Ich dachte zurück. Zurück an die Zeit, als ich nicht alleine in diesem Haus war. Die Zeit, als Luka noch hier war. Als Mama und Papa noch hier waren. Ja, sogar als Luna noch hier war.
Als wir im Sommer am Strand gespielt haben. Im Herbst nach Kastanien gesucht haben. Im Winter gemütlich mit einer heißen Schokolade am Fernseher saßen. Im Frühlings-Regen mit Gummistiefeln durch die Pfützen gesprungen sind. Wir zu Ostern nach Ostereiern gesucht haben. Zu Halloween uns als Hexen und Vampire und Teufel verkleidet haben. Zu Weihnachten unsere Geschenke geöffnet haben, während Papa uns gefilmt hat.
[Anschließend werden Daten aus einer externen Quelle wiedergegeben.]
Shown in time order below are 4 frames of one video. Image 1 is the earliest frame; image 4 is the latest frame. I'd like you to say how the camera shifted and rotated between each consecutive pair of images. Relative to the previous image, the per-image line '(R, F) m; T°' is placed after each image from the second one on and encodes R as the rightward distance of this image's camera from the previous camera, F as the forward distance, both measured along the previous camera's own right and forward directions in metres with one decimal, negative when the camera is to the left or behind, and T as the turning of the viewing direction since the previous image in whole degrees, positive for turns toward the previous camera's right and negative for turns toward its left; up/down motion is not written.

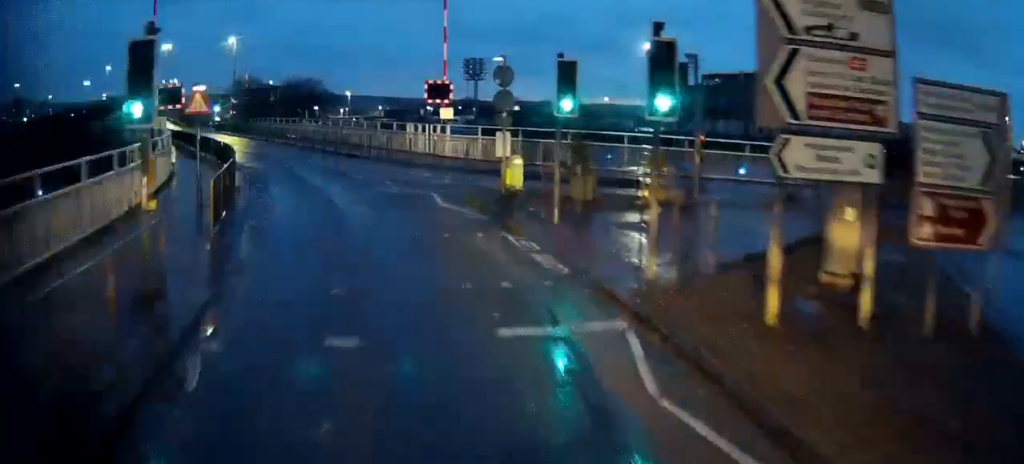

Richtig. Es war das Gefühl von Gemeinsamkeit.
Zwar könnte Kyoki niemals meine Familie ersetzen, das ist komplett unmöglich. Aber eine Person bei sich zu haben, mit der ich reden kann, Zeit verbringen kann, die mir die Einsamkeit nimmt..
Das war ein unglaublich schönes Gefühl.
Bevor ich ins Wohnzimmer trat und mit ihr ins Gespräch gekommen bin, ging es mir unglaublich schlecht. Ich weiß nicht wieso. Ich weiß nicht, was der Auslöser war.
Aber das ist egal.
Denn sobald ich mit ihr sprach, waren alle Sorgen wie vergessen.
Denn dort war eine andere Person. Eine Person, die mir Gesellschaft leisten konnte. Mit mir reden konnte. Mit mir Zeit verbringen konnte.
Und auch wenn Kyoki eine wirklich eigenartige Person war, wusste ich ganz genau.
Wir könnten uns sehr, sehr gut verstehen.
…
Fühlte sie sich-.. etwa genauso...?
Hat sie meine Versuche, mit ihr zu sozialisieren wahrgenommen und ist deshalb aus ihrem Zimmer gekommen...?
Hat sie etwa hier auf mich gewartet und ist dann eingeschlafen...?
Oder fühlte sie sich einfach nur wohl genug, um in meiner Präsenz eine verwundbare Seite zu zeigen?
…
Bevor ich das Licht ausgemacht habe und das Wohnzimmer verließ, stellte ich ihr eine Wasserflasche bereit und legte vorsichtig eine dünne Decke auf sie.